We’ve previously warned that proposals to change the formula for federal Medicaid funding for states to a fixed dollar amount per Medicaid beneficiary — known as a “per capita cap” — would mean cuts in federal funding for all states. The change would hit some states particularly hard due to substantial differences in per-beneficiary spending and how fast such costs grow over time. A recent Government Accountability Office (GAO) analysis backs up our warning.
GAO’s analysis shows that states vary widely in how much they spend per beneficiary, consistent with our own analysis and that of the Kaiser Family Foundation. GAO estimated average spending in 2008 for each state for different groups of beneficiaries — a child, a person with a disability, a senior, and a non-disabled, non-elderly adult — using federal expenditure and enrollment data. As one would expect, overall, on average, Medicaid spending on people with disabilities and on seniors was significantly greater than spending on other adults and on children.
But spending on these enrollment groups varied considerably among states. For example, Medicaid spending per child beneficiary was $5,877 in Vermont and $1,702 in California. And average Medicaid spending per senior beneficiary was $28,564 in Montana and $9,882 in Alabama.

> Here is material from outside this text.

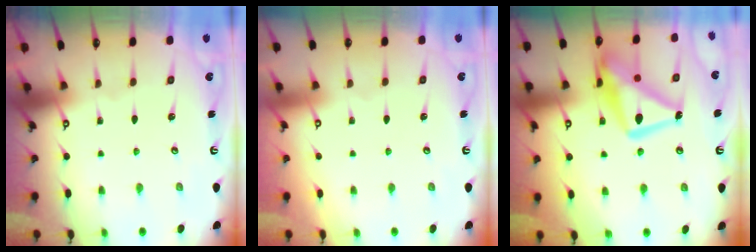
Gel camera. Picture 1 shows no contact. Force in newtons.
{"total": 3.9, "press": 3.9, "slide": 0.1}
{"total": 16.6, "press": 16.5, "slide": 1.6}

House Energy and Commerce Committee Chairman Fred Upton (R-MI) and Senate Finance Committee Ranking Member Orrin Hatch (R-UT), who requested the GAO analysis, responded to the findings by reiterating their proposal to establish a per capita cap, under which the federal government would no longer cover a fixed share of each state’s overall Medicaid costs but instead would limit each state to a fixed dollar amount per beneficiary.

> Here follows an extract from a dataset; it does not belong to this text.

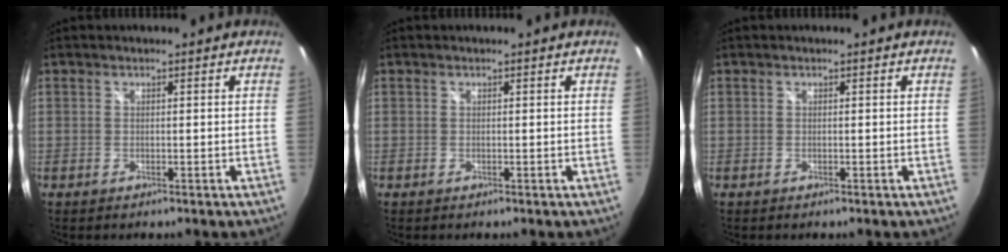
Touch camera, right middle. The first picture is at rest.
{"total": 0.0}
{"total": 0.0}

Rep. Upton and Sen. Hatch previously argued that a per capita cap would “normalize” Medicaid spending across states, implying that states with higher-than-average spending per beneficiary have inflated costs. In reality, states with relatively low Medicaid spending per beneficiary would likely fare disproportionately worse than higher-spending states under such a cap, because they would receive relatively less funding due to federal funding formulas that are typically based on current spending per beneficiary.

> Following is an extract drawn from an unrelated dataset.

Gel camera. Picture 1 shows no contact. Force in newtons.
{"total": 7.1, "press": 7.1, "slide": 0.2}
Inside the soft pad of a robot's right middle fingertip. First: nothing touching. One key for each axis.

GAO tried to identify the factors driving this spending variation. It concluded that while some factors were within the states’ control, such as optional benefits offered and optional eligibility levels, many significant factors were clearly not, including geographic variation in health care wages, differing enrollee service needs, and demographic differences among states such as the percentage of enrollees who are seniors. In other words, just as overall health care spending and utilization among the states vary, so does Medicaid spending per beneficiary. As a result, nothing in GAO’s report indicates that states with higher spending per beneficiary were somehow “overspending” relative to those with lower spending per beneficiary.
GAO’s findings don’t justify proposals to alter Medicaid’s financing structure. They do, however, emphasize that while all states would face cuts in federal funding under proposals like a per capita cap, some states would disproportionately face larger ones.